» **Instructions to follow**: Go through the material and copy each line that includes "outdoors".

» **Data shown**:
↓

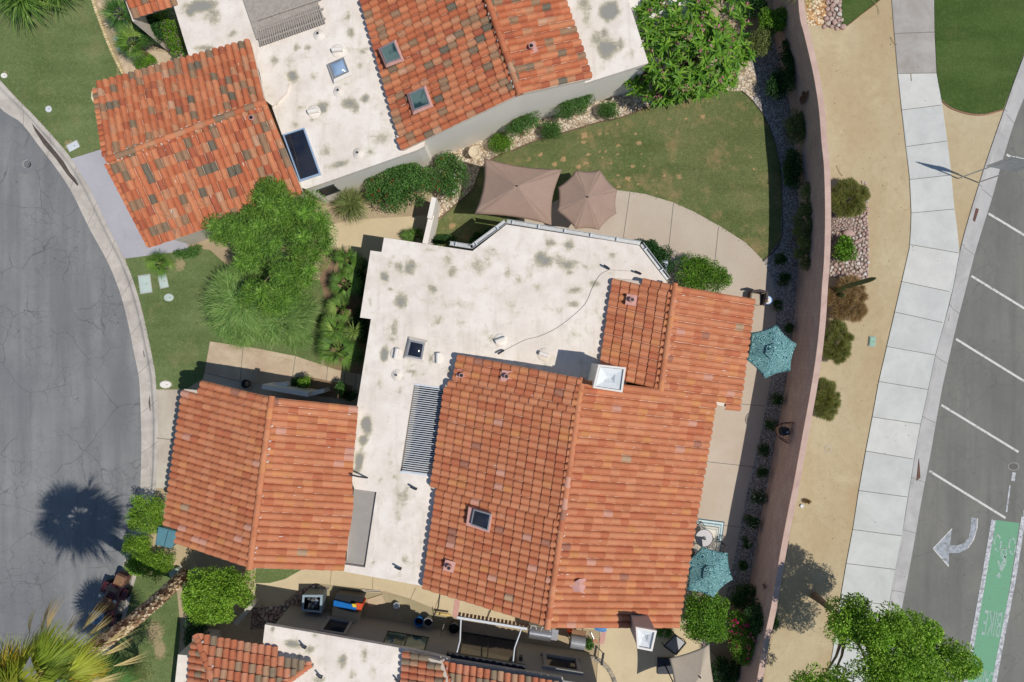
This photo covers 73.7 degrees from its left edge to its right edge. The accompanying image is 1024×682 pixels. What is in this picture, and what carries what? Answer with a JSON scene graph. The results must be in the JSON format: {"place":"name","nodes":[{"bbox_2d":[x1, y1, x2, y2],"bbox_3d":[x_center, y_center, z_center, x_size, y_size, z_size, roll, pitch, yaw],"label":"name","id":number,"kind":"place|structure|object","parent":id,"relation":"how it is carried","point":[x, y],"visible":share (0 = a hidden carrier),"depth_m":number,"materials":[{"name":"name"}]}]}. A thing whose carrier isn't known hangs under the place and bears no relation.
{"place":"outdoors","nodes":[
{"label":"outdoors","id":0,"kind":"place"},
{"bbox_2d":[0,108,140,681],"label":"street","id":1,"kind":"structure","parent":0,"point":[70,444],"depth_m":30.12,"materials":[{"name":"asphalt"}]},
{"bbox_2d":[89,578,132,629],"bbox_3d":[-17.481,11.460,29.480,1.160,1.280,2.025,22,90,0],"label":"motor cart","id":2,"kind":"object","parent":1,"relation":"on","point":[114,595],"visible":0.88,"depth_m":29.54,"materials":[{"name":"black plastic"}]},
{"bbox_2d":[71,150,188,258],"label":"driveway","id":3,"kind":"structure","parent":0,"point":[92,169],"depth_m":29.98,"materials":[{"name":"grey concrete"}]},
{"bbox_2d":[107,569,179,681],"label":"lawn","id":4,"kind":"structure","parent":0,"point":[159,647],"depth_m":29.98,"materials":[{"name":"green plant"}]},
{"bbox_2d":[87,627,159,681],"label":"olive tree","id":5,"kind":"object","parent":4,"relation":"on","point":[141,666],"visible":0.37,"depth_m":27.39,"materials":[{"name":"green plant"}]},
{"bbox_2d":[142,493,198,575],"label":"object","id":6,"kind":"structure","parent":0,"point":[185,558],"depth_m":29.99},
{"bbox_2d":[0,569,189,681],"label":"fan palm","id":7,"kind":"object","parent":6,"relation":"on","point":[51,664],"visible":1,"depth_m":20.13,"materials":[{"name":"green plant"}]},
{"bbox_2d":[120,533,152,576],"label":"clipped hedge","id":8,"kind":"object","parent":6,"relation":"on","point":[132,543],"visible":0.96,"depth_m":29.19,"materials":[{"name":"green plant"}]},
{"bbox_2d":[124,494,166,535],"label":"clipped hedge","id":9,"kind":"object","parent":6,"relation":"on","point":[138,522],"visible":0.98,"depth_m":29.14,"materials":[{"name":"green plant"}]},
{"bbox_2d":[129,543,176,582],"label":"clipped hedge","id":10,"kind":"object","parent":6,"relation":"on","point":[151,568],"visible":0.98,"depth_m":29.22,"materials":[{"name":"green plant"}]},
{"bbox_2d":[156,389,196,487],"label":"driveway","id":11,"kind":"structure","parent":0,"point":[168,402],"depth_m":29.98,"materials":[{"name":"concrete"}]},
{"bbox_2d":[126,248,328,388],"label":"lawn","id":12,"kind":"structure","parent":0,"point":[196,271],"depth_m":29.98,"materials":[{"name":"green plant"}]},
{"bbox_2d":[197,260,285,350],"bbox_3d":[-11.176,-1.596,28.701,4.174,2.599,4.388,38,90,0],"label":"weeping shrub","id":13,"kind":"object","parent":12,"relation":"on","point":[230,320],"visible":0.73,"depth_m":28.21,"materials":[{"name":"green plant"}]},
{"bbox_2d":[256,290,324,357],"bbox_3d":[-9.725,-0.987,29.025,3.412,1.950,3.224,13,90,0],"label":"weeping shrub","id":14,"kind":"object","parent":12,"relation":"on","point":[299,319],"visible":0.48,"depth_m":28.71,"materials":[{"name":"green plant"}]},
{"bbox_2d":[95,0,793,681],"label":"garden soil","id":15,"kind":"structure","parent":0,"point":[241,632],"depth_m":30.00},
{"bbox_2d":[0,0,121,157],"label":"lawn front","id":16,"kind":"structure","parent":15,"relation":"on","point":[78,81],"depth_m":29.98,"materials":[{"name":"green plant"}]},
{"bbox_2d":[0,0,68,34],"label":"cycad","id":17,"kind":"object","parent":16,"relation":"on","point":[20,7],"visible":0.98,"depth_m":29.01,"materials":[{"name":"green plant"}]},
{"bbox_2d":[56,651,143,681],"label":"fan palm","id":18,"kind":"object","parent":15,"relation":"on","point":[111,671],"visible":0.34,"depth_m":24.72,"materials":[{"name":"green plant"}]},
{"bbox_2d":[96,0,135,31],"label":"fan palm","id":19,"kind":"object","parent":15,"relation":"on","point":[109,11],"visible":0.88,"depth_m":28.60,"materials":[{"name":"green plant"}]},
{"bbox_2d":[109,21,151,63],"bbox_3d":[-15.985,-12.605,29.016,1.656,1.967,1.746,27,90,0],"label":"fan palm","id":20,"kind":"object","parent":15,"relation":"on","point":[124,35],"visible":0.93,"depth_m":28.57,"materials":[{"name":"green plant"}]},
{"bbox_2d":[121,50,186,73],"bbox_3d":[-15.679,-12.012,30.042,3.074,0.120,1.537,0,90,0],"label":"path stoop","id":21,"kind":"object","parent":15,"relation":"on","point":[165,57],"visible":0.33,"depth_m":29.98,"materials":[{"name":"concrete"}]},
{"bbox_2d":[154,8,188,57],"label":"flowering hedge","id":22,"kind":"object","parent":15,"relation":"on","point":[175,42],"visible":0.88,"depth_m":28.66,"materials":[{"name":"green plant"}]},
{"bbox_2d":[179,565,256,626],"bbox_3d":[-12.130,10.425,28.564,3.137,2.959,2.476,0,90,0],"label":"ornamental tree","id":23,"kind":"object","parent":15,"relation":"on","point":[202,595],"visible":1,"depth_m":27.61,"materials":[{"name":"green plant"}]},
{"bbox_2d":[200,175,337,318],"bbox_3d":[-9.109,-3.765,27.410,4.893,5.247,5.288,-23,90,0],"label":"shade tree","id":24,"kind":"object","parent":15,"relation":"on","point":[248,231],"visible":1,"depth_m":26.03,"materials":[{"name":"green plant"}]},
{"bbox_2d":[255,568,299,582],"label":"lawn side","id":25,"kind":"structure","parent":15,"relation":"on","point":[264,575],"depth_m":29.98,"materials":[{"name":"green plant"}]},
{"bbox_2d":[203,342,361,405],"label":"walkway","id":26,"kind":"structure","parent":15,"relation":"on","point":[262,366],"depth_m":29.98,"materials":[{"name":"concrete"}]},
{"bbox_2d":[219,381,355,405],"bbox_3d":[-10.021,2.425,29.965,6.525,0.050,0.731,8,90,0],"label":"stoop","id":27,"kind":"object","parent":26,"relation":"on","point":[255,388],"visible":0.45,"depth_m":29.94,"materials":[{"name":"concrete"}]},
{"bbox_2d":[250,584,329,629],"bbox_3d":[-9.713,11.836,29.976,3.960,0.001,1.476,-21,90,0],"label":"rock bed side","id":28,"kind":"object","parent":15,"relation":"on","point":[258,621],"visible":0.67,"depth_m":29.98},
{"bbox_2d":[262,381,329,396],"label":"garden wall","id":29,"kind":"structure","parent":15,"relation":"on","point":[285,387],"depth_m":28.72,"materials":[{"name":"white paint"}]},
{"bbox_2d":[320,250,368,373],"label":"bed palms","id":30,"kind":"object","parent":15,"relation":"on","point":[355,301],"visible":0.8,"depth_m":29.99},
{"bbox_2d":[314,329,364,371],"bbox_3d":[-7.292,0.361,28.882,2.161,2.236,2.006,0,90,0],"label":"fan palm","id":31,"kind":"object","parent":30,"relation":"on","point":[327,356],"visible":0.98,"depth_m":28.60,"materials":[{"name":"green plant"}]},
{"bbox_2d":[326,269,364,298],"bbox_3d":[-7.038,-2.405,29.101,1.571,1.797,1.448,-15,90,0],"label":"fan palm","id":32,"kind":"object","parent":30,"relation":"on","point":[354,285],"visible":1,"depth_m":28.89,"materials":[{"name":"green plant"}]},
{"bbox_2d":[331,186,370,227],"bbox_3d":[-6.780,-5.917,29.181,2.014,1.639,2.128,23,90,0],"label":"grass palm","id":33,"kind":"object","parent":15,"relation":"on","point":[350,200],"depth_m":28.91,"materials":[{"name":"green plant"}]},
{"bbox_2d":[320,215,427,276],"bbox_3d":[-6.237,-4.106,30.042,5.270,0.120,2.855,0,90,0],"label":"path entry","id":34,"kind":"object","parent":15,"relation":"on","point":[365,237],"visible":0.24,"depth_m":29.98,"materials":[{"name":"beige concrete"}]},
{"bbox_2d":[330,246,363,274],"bbox_3d":[-6.918,-3.494,29.076,1.409,1.849,1.567,-36,90,0],"label":"fan palm","id":35,"kind":"object","parent":34,"relation":"on","point":[340,256],"visible":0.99,"depth_m":28.81,"materials":[{"name":"green plant"}]},
{"bbox_2d":[175,605,596,681],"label":"house","id":36,"kind":"structure","parent":15,"relation":"on","point":[298,645],"depth_m":27.05,"materials":[{"name":"paint"}]},
{"bbox_2d":[317,616,354,635],"bbox_3d":[-7.339,11.959,28.500,1.219,1.420,0.200,9,90,0],"label":"window","id":37,"kind":"structure","parent":36,"relation":"in","point":[334,625],"depth_m":28.57,"materials":[{"name":"glass"}]},
{"bbox_2d":[383,630,428,650],"bbox_3d":[-4.395,12.433,28.300,1.792,1.250,0.060,9,90,0],"label":"window","id":38,"kind":"structure","parent":36,"relation":"in","point":[392,637],"depth_m":28.36,"materials":[{"name":"glass"}]},
{"bbox_2d":[459,631,516,662],"bbox_3d":[-1.011,12.978,28.925,2.475,2.130,0.060,9,90,0],"label":"sliding door","id":39,"kind":"structure","parent":36,"relation":"in","point":[486,646],"depth_m":28.94,"materials":[{"name":"glass"}]},
{"bbox_2d":[541,651,582,674],"bbox_3d":[2.054,13.472,28.425,1.682,1.290,0.240,9,90,0],"label":"window","id":40,"kind":"structure","parent":36,"relation":"in","point":[551,661],"depth_m":28.46,"materials":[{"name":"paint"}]},
{"bbox_2d":[320,584,452,629],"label":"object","id":41,"kind":"structure","parent":15,"relation":"on","point":[408,610],"depth_m":29.99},
{"bbox_2d":[92,0,703,247],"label":"house","id":42,"kind":"structure","parent":15,"relation":"on","point":[328,99],"depth_m":26.57,"materials":[{"name":"tile"}]},
{"bbox_2d":[363,162,437,214],"bbox_3d":[-4.658,-6.532,28.951,3.268,2.092,2.502,0,90,0],"label":"flowering shrub","id":43,"kind":"object","parent":15,"relation":"on","point":[395,190],"visible":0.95,"depth_m":28.32,"materials":[{"name":"green plant"}]},
{"bbox_2d":[250,570,593,628],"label":"walkway","id":44,"kind":"structure","parent":15,"relation":"on","point":[279,592],"depth_m":29.98,"materials":[{"name":"beige concrete"}]},
{"bbox_2d":[423,197,440,244],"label":"garden wall","id":45,"kind":"structure","parent":15,"relation":"on","point":[432,218],"depth_m":28.40,"materials":[{"name":"white paint"}]},
{"bbox_2d":[163,219,755,650],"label":"house","id":46,"kind":"structure","parent":15,"relation":"on","point":[557,481],"depth_m":26.43,"materials":[{"name":"tile"}]},
{"bbox_2d":[411,386,442,461],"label":"atrium floor","id":47,"kind":"structure","parent":46,"relation":"in","point":[427,422],"depth_m":29.95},
{"bbox_2d":[0,0,1022,680],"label":"grass tufts","id":48,"kind":"object","parent":15,"relation":"on","point":[438,226],"visible":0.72,"depth_m":29.96,"materials":[{"name":"green plant"}]},
{"bbox_2d":[435,61,759,216],"bbox_3d":[3.269,-9.647,30.048,15.351,0.120,3.423,-21,90,0],"label":"gravel bed","id":49,"kind":"object","parent":15,"relation":"on","point":[747,81],"visible":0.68,"depth_m":29.99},
{"bbox_2d":[434,149,470,202],"bbox_3d":[-2.551,-6.972,29.121,1.623,1.752,2.234,0,90,0],"label":"flowering shrub","id":50,"kind":"object","parent":49,"relation":"on","point":[447,182],"visible":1,"depth_m":28.67,"materials":[{"name":"green plant"}]},
{"bbox_2d":[504,110,543,138],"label":"clipped shrub","id":51,"kind":"object","parent":49,"relation":"on","point":[517,125],"visible":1,"depth_m":28.57,"materials":[{"name":"green plant"}]},
{"bbox_2d":[554,94,595,119],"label":"clipped shrub","id":52,"kind":"object","parent":49,"relation":"on","point":[582,105],"visible":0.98,"depth_m":28.60,"materials":[{"name":"green plant"}]},
{"bbox_2d":[622,0,756,108],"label":"frangipani tree","id":53,"kind":"object","parent":49,"relation":"on","point":[713,34],"visible":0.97,"depth_m":27.11,"materials":[{"name":"green plant"}]},
{"bbox_2d":[434,91,781,259],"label":"lawn","id":54,"kind":"structure","parent":15,"relation":"on","point":[717,183],"depth_m":29.98,"materials":[{"name":"green plant"}]},
{"bbox_2d":[475,158,561,224],"bbox_3d":[0.255,-6.089,28.575,3.278,2.850,2.332,8,90,0],"label":"patio umbrella","id":55,"kind":"object","parent":54,"relation":"on","point":[517,191],"visible":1,"depth_m":27.71,"materials":[{"name":"beige fabric"}]},
{"bbox_2d":[723,609,770,665],"bbox_3d":[9.822,12.469,28.947,2.109,2.101,2.492,0,90,0],"label":"bougainvillea","id":56,"kind":"object","parent":15,"relation":"on","point":[747,634],"visible":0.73,"depth_m":28.39,"materials":[{"name":"green plant"}]},
{"bbox_2d":[745,26,773,57],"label":"shrub","id":57,"kind":"object","parent":15,"relation":"on","point":[760,45],"visible":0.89,"depth_m":28.96,"materials":[{"name":"green plant"}]},
{"bbox_2d":[726,33,798,599],"bbox_3d":[11.203,-1.101,30.050,3.048,0.120,25.113,2,90,0],"label":"gravel bed","id":58,"kind":"object","parent":15,"relation":"on","point":[775,112],"visible":0.61,"depth_m":29.99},
{"bbox_2d":[728,581,755,610],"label":"shade shrub","id":59,"kind":"object","parent":58,"relation":"on","point":[740,600],"visible":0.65,"depth_m":29.21,"materials":[{"name":"green plant"}]},
{"bbox_2d":[779,148,803,192],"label":"bush","id":60,"kind":"object","parent":58,"relation":"on","point":[791,169],"depth_m":29.18,"materials":[{"name":"green plant"}]},
{"bbox_2d":[757,6,786,35],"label":"climbing shrub","id":61,"kind":"object","parent":15,"relation":"on","point":[775,21],"visible":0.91,"depth_m":28.73,"materials":[{"name":"green plant"}]},
{"bbox_2d":[732,0,830,681],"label":"boundary wall","id":62,"kind":"structure","parent":15,"relation":"on","point":[782,489],"depth_m":28.13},
{"bbox_2d":[778,38,795,93],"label":"wall vine","id":63,"kind":"object","parent":62,"relation":"attached to","point":[788,58],"depth_m":28.88,"materials":[{"name":"green plant"}]},
{"bbox_2d":[781,109,806,147],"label":"wall vine","id":64,"kind":"object","parent":62,"relation":"attached to","point":[797,123],"depth_m":28.89,"materials":[{"name":"green plant"}]},
{"bbox_2d":[790,182,812,270],"bbox_3d":[12.466,-4.867,29.265,1.241,1.466,3.850,0,90,0],"label":"wall vine","id":65,"kind":"object","parent":62,"relation":"attached to","point":[805,240],"depth_m":28.81,"materials":[{"name":"green plant"}]},
{"bbox_2d":[513,190,775,645],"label":"patio","id":66,"kind":"structure","parent":0,"point":[735,436],"depth_m":29.98,"materials":[{"name":"concrete"}]},
{"bbox_2d":[557,170,616,229],"bbox_3d":[3.064,-5.742,28.625,2.470,2.750,2.452,0,90,0],"label":"patio umbrella","id":67,"kind":"object","parent":66,"relation":"on","point":[587,199],"visible":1,"depth_m":27.70,"materials":[{"name":"beige fabric"}]},
{"bbox_2d":[674,251,732,292],"bbox_3d":[8.128,-2.794,29.278,2.649,1.439,1.749,16,90,0],"label":"patio shrub","id":68,"kind":"object","parent":66,"relation":"on","point":[714,274],"visible":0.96,"depth_m":28.96,"materials":[{"name":"green plant"}]},
{"bbox_2d":[680,591,730,643],"bbox_3d":[8.025,11.472,28.849,2.244,2.299,2.344,0,90,0],"label":"patio tree","id":69,"kind":"object","parent":66,"relation":"on","point":[710,628],"visible":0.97,"depth_m":28.19,"materials":[{"name":"green plant"}]},
{"bbox_2d":[693,518,723,551],"bbox_3d":[8.374,8.907,29.959,1.638,0.021,2.177,8,90,0],"label":"rug","id":70,"kind":"object","parent":66,"relation":"on","point":[714,528],"visible":0.2,"depth_m":29.96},
{"bbox_2d":[687,546,732,597],"bbox_3d":[8.101,9.431,28.675,1.871,2.650,2.110,0,90,0],"label":"patio umbrella","id":71,"kind":"object","parent":70,"relation":"on","point":[709,573],"visible":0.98,"depth_m":27.79,"materials":[{"name":"teal fabric"}]},
{"bbox_2d":[746,325,796,377],"bbox_3d":[10.605,0.429,28.675,2.090,2.650,2.212,0,90,0],"label":"patio umbrella","id":72,"kind":"object","parent":66,"relation":"on","point":[771,351],"visible":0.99,"depth_m":27.80,"materials":[{"name":"teal fabric"}]},
{"bbox_2d":[597,621,723,681],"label":"patio","id":73,"kind":"structure","parent":0,"point":[626,659],"depth_m":29.97,"materials":[{"name":"beige concrete"}]},
{"bbox_2d":[657,644,712,681],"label":"shade sail","id":74,"kind":"object","parent":73,"relation":"on","point":[694,666],"visible":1,"depth_m":27.61,"materials":[{"name":"beige fabric"}]},
{"bbox_2d":[711,654,741,681],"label":"shade shrub","id":75,"kind":"object","parent":73,"relation":"on","point":[721,668],"visible":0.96,"depth_m":29.18,"materials":[{"name":"green plant"}]},
{"bbox_2d":[764,0,1023,681],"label":"verge soil","id":76,"kind":"structure","parent":0,"point":[869,137],"depth_m":30.00,"materials":[{"name":"soil"}]},
{"bbox_2d":[805,0,826,25],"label":"gravel corner","id":77,"kind":"object","parent":76,"relation":"on","point":[816,14],"visible":1,"depth_m":30.00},
{"bbox_2d":[813,376,841,420],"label":"verge shrub","id":78,"kind":"object","parent":76,"relation":"on","point":[824,409],"visible":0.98,"depth_m":29.33,"materials":[{"name":"green plant"}]},
{"bbox_2d":[822,318,854,365],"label":"verge shrub","id":79,"kind":"object","parent":76,"relation":"on","point":[840,351],"visible":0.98,"depth_m":29.24,"materials":[{"name":"green plant"}]},
{"bbox_2d":[827,274,870,323],"bbox_3d":[14.429,-1.836,29.524,2.072,0.948,2.246,0,90,0],"label":"dry shrub","id":80,"kind":"object","parent":76,"relation":"on","point":[856,297],"visible":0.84,"depth_m":29.33,"materials":[{"name":"brown plant"}]},
{"bbox_2d":[829,207,868,278],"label":"gravel bed","id":81,"kind":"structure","parent":76,"relation":"on","point":[834,240],"depth_m":30.00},
{"bbox_2d":[831,177,871,219],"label":"verge shrub","id":82,"kind":"object","parent":76,"relation":"on","point":[843,191],"visible":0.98,"depth_m":29.18,"materials":[{"name":"green plant"}]},
{"bbox_2d":[841,0,877,24],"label":"lawn corner","id":83,"kind":"object","parent":76,"relation":"on","point":[851,7],"visible":1,"depth_m":29.98,"materials":[{"name":"green plant"}]},
{"bbox_2d":[797,592,984,681],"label":"street tree","id":84,"kind":"object","parent":76,"relation":"on","point":[898,633],"visible":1,"depth_m":24.32,"materials":[{"name":"green plant"}]},
{"bbox_2d":[934,0,1023,113],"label":"lawn verge","id":85,"kind":"structure","parent":76,"relation":"on","point":[1001,20],"depth_m":29.96,"materials":[{"name":"green plant"}]},
{"bbox_2d":[957,156,1023,182],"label":"street light","id":86,"kind":"object","parent":76,"relation":"on","point":[1012,164],"visible":1,"depth_m":27.50,"materials":[{"name":"metal"}]},
{"bbox_2d":[829,0,959,681],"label":"sidewalk","id":87,"kind":"structure","parent":0,"point":[848,655],"depth_m":29.97,"materials":[{"name":"concrete"}]},
{"bbox_2d":[841,564,894,603],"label":"sidewalk slab","id":88,"kind":"structure","parent":87,"relation":"on","point":[873,584],"depth_m":29.97,"materials":[{"name":"concrete"}]},
{"bbox_2d":[847,530,901,568],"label":"sidewalk slab","id":89,"kind":"structure","parent":87,"relation":"on","point":[873,549],"depth_m":29.97,"materials":[{"name":"concrete"}]},
{"bbox_2d":[853,491,906,535],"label":"sidewalk slab","id":90,"kind":"structure","parent":87,"relation":"on","point":[885,513],"depth_m":29.97,"materials":[{"name":"grey concrete"}]},
{"bbox_2d":[859,451,912,496],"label":"sidewalk slab","id":91,"kind":"structure","parent":87,"relation":"on","point":[886,474],"depth_m":29.97,"materials":[{"name":"grey concrete"}]},
{"bbox_2d":[866,417,919,458],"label":"sidewalk slab","id":92,"kind":"structure","parent":87,"relation":"on","point":[893,437],"depth_m":29.97,"materials":[{"name":"concrete"}]},
{"bbox_2d":[873,382,927,423],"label":"sidewalk slab","id":93,"kind":"structure","parent":87,"relation":"on","point":[899,402],"depth_m":29.97,"materials":[{"name":"concrete"}]},
{"bbox_2d":[879,347,934,388],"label":"sidewalk slab","id":94,"kind":"structure","parent":87,"relation":"on","point":[906,368],"depth_m":29.97,"materials":[{"name":"concrete"}]},
{"bbox_2d":[893,0,935,72],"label":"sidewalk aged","id":95,"kind":"object","parent":87,"relation":"on","point":[914,51],"visible":1,"depth_m":29.96,"materials":[{"name":"concrete"}]},
{"bbox_2d":[887,312,941,354],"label":"sidewalk slab","id":96,"kind":"structure","parent":87,"relation":"on","point":[913,333],"depth_m":29.97,"materials":[{"name":"grey concrete"}]},
{"bbox_2d":[898,73,940,109],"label":"sidewalk slab","id":97,"kind":"structure","parent":87,"relation":"on","point":[918,90],"depth_m":29.97,"materials":[{"name":"concrete"}]},
{"bbox_2d":[895,282,948,321],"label":"sidewalk slab","id":98,"kind":"structure","parent":87,"relation":"on","point":[922,301],"depth_m":29.97,"materials":[{"name":"grey concrete"}]},
{"bbox_2d":[902,105,946,145],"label":"sidewalk slab","id":99,"kind":"structure","parent":87,"relation":"on","point":[925,125],"depth_m":29.97,"materials":[{"name":"grey concrete"}]},
{"bbox_2d":[907,141,950,178],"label":"sidewalk slab","id":100,"kind":"structure","parent":87,"relation":"on","point":[928,160],"depth_m":29.97,"materials":[{"name":"grey concrete"}]},
{"bbox_2d":[902,245,958,290],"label":"sidewalk slab","id":101,"kind":"structure","parent":87,"relation":"on","point":[930,267],"depth_m":29.97,"materials":[{"name":"concrete"}]},
{"bbox_2d":[910,175,953,212],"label":"sidewalk slab","id":102,"kind":"structure","parent":87,"relation":"on","point":[932,194],"depth_m":29.97,"materials":[{"name":"concrete"}]},
{"bbox_2d":[911,209,958,252],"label":"sidewalk slab","id":103,"kind":"structure","parent":87,"relation":"on","point":[935,229],"depth_m":29.97,"materials":[{"name":"concrete"}]},
{"bbox_2d":[896,99,1023,681],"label":"road","id":104,"kind":"structure","parent":0,"point":[980,391],"depth_m":30.12,"materials":[{"name":"asphalt"}]},
{"bbox_2d":[934,518,977,564],"bbox_3d":[19.740,8.724,30.116,2.417,0.001,1.142,-43,90,0],"label":"turn arrow","id":105,"kind":"object","parent":104,"relation":"on","point":[943,548],"visible":1,"depth_m":30.12,"materials":[{"name":"grey paint"}]},
{"bbox_2d":[964,520,995,681],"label":"bike lane line","id":106,"kind":"object","parent":104,"relation":"on","point":[983,580],"visible":0.86,"depth_m":30.11,"materials":[{"name":"white paint"}]},
{"bbox_2d":[968,520,1018,681],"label":"bike lane","id":107,"kind":"structure","parent":104,"relation":"on","point":[994,598],"depth_m":30.12,"materials":[{"name":"green paint"}]},
{"bbox_2d":[993,517,1023,681],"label":"bike lane line","id":108,"kind":"object","parent":104,"relation":"on","point":[1009,601],"visible":1,"depth_m":30.11,"materials":[{"name":"white paint"}]},
{"label":"ground","id":109,"kind":"structure","parent":0,"visible":0},
{"bbox_2d":[0,81,157,679],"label":"curb","id":110,"kind":"structure","parent":109,"relation":"on","point":[11,105],"depth_m":30.11,"materials":[{"name":"concrete"}]},
{"bbox_2d":[889,56,1023,649],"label":"curb","id":111,"kind":"structure","parent":109,"relation":"on","point":[973,229],"depth_m":30.11,"materials":[{"name":"concrete"}]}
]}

↑

» **Answer section**:
{"place":"outdoors","nodes":[
{"label":"outdoors","id":0,"kind":"place"},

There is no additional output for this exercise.